[[ RECORDS TO PROCESS open ]]

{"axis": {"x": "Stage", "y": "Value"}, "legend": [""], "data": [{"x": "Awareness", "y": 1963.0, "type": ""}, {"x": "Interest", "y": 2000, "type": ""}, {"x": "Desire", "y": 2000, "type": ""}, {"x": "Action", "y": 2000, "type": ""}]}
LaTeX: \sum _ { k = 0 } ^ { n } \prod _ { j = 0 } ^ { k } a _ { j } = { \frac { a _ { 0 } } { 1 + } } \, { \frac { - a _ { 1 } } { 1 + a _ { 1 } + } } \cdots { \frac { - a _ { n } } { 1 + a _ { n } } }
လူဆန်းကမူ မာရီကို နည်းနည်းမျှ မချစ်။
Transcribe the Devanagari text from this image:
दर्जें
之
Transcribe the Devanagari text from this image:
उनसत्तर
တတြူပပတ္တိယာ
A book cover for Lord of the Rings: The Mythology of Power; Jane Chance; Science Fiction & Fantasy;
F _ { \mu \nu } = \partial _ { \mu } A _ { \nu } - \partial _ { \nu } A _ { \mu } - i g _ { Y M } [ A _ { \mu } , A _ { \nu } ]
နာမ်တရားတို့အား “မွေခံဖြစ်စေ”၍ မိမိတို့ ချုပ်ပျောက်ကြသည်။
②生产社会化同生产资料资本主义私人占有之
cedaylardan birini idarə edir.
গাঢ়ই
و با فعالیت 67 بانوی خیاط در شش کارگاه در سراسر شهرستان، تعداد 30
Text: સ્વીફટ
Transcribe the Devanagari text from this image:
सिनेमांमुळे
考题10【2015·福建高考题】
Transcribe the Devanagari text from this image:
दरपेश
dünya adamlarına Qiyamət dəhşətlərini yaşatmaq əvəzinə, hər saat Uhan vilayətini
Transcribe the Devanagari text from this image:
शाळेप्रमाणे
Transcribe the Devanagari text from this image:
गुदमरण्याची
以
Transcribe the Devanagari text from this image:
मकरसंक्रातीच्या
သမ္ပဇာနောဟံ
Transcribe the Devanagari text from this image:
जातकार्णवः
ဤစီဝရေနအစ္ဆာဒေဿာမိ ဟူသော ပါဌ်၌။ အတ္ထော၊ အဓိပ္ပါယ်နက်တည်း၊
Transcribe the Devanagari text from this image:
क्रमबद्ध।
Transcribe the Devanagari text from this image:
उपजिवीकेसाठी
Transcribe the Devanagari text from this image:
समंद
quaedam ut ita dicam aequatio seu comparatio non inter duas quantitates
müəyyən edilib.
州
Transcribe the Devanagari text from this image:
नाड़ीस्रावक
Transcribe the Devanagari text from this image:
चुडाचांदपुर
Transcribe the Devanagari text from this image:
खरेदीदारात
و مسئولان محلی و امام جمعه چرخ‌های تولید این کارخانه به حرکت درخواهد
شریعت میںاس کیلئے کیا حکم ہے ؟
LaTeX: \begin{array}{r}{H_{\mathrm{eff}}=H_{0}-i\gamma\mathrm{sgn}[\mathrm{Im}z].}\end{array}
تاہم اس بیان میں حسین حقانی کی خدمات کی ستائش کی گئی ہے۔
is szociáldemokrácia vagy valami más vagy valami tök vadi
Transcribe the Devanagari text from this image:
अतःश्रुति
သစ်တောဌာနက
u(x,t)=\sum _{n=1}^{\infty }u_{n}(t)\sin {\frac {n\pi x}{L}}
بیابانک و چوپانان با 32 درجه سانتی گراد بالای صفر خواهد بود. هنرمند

[[ RECORDS TO PROCESS closed ]]

▸ **DESCRIPTION OF THE TASK**
An exact copy of every line from the one containing "A book cover" through the last line of the entries is required; please add nothing.

▸ **RESPONSE TO THIS TASK**
A book cover for Lord of the Rings: The Mythology of Power; Jane Chance; Science Fiction & Fantasy;
F _ { \mu \nu } = \partial _ { \mu } A _ { \nu } - \partial _ { \nu } A _ { \mu } - i g _ { Y M } [ A _ { \mu } , A _ { \nu } ]
နာမ်တရားတို့အား “မွေခံဖြစ်စေ”၍ မိမိတို့ ချုပ်ပျောက်ကြသည်။
②生产社会化同生产资料资本主义私人占有之
cedaylardan birini idarə edir.
গাঢ়ই
و با فعالیت 67 بانوی خیاط در شش کارگاه در سراسر شهرستان، تعداد 30
Text: સ્વીફટ
Transcribe the Devanagari text from this image:
सिनेमांमुळे
考题10【2015·福建高考题】
Transcribe the Devanagari text from this image:
दरपेश
dünya adamlarına Qiyamət dəhşətlərini yaşatmaq əvəzinə, hər saat Uhan vilayətini
Transcribe the Devanagari text from this image:
शाळेप्रमाणे
Transcribe the Devanagari text from this image:
गुदमरण्याची
以
Transcribe the Devanagari text from this image:
मकरसंक्रातीच्या
သမ္ပဇာနောဟံ
Transcribe the Devanagari text from this image:
जातकार्णवः
ဤစီဝရေနအစ္ဆာဒေဿာမိ ဟူသော ပါဌ်၌။ အတ္ထော၊ အဓိပ္ပါယ်နက်တည်း၊
Transcribe the Devanagari text from this image:
क्रमबद्ध।
Transcribe the Devanagari text from this image:
उपजिवीकेसाठी
Transcribe the Devanagari text from this image:
समंद
quaedam ut ita dicam aequatio seu comparatio non inter duas quantitates
müəyyən edilib.
州
Transcribe the Devanagari text from this image:
नाड़ीस्रावक
Transcribe the Devanagari text from this image:
चुडाचांदपुर
Transcribe the Devanagari text from this image:
खरेदीदारात
و مسئولان محلی و امام جمعه چرخ‌های تولید این کارخانه به حرکت درخواهد
شریعت میںاس کیلئے کیا حکم ہے ؟
LaTeX: \begin{array}{r}{H_{\mathrm{eff}}=H_{0}-i\gamma\mathrm{sgn}[\mathrm{Im}z].}\end{array}
تاہم اس بیان میں حسین حقانی کی خدمات کی ستائش کی گئی ہے۔
is szociáldemokrácia vagy valami más vagy valami tök vadi
Transcribe the Devanagari text from this image:
अतःश्रुति
သစ်တောဌာနက
u(x,t)=\sum _{n=1}^{\infty }u_{n}(t)\sin {\frac {n\pi x}{L}}
بیابانک و چوپانان با 32 درجه سانتی گراد بالای صفر خواهد بود. هنرمند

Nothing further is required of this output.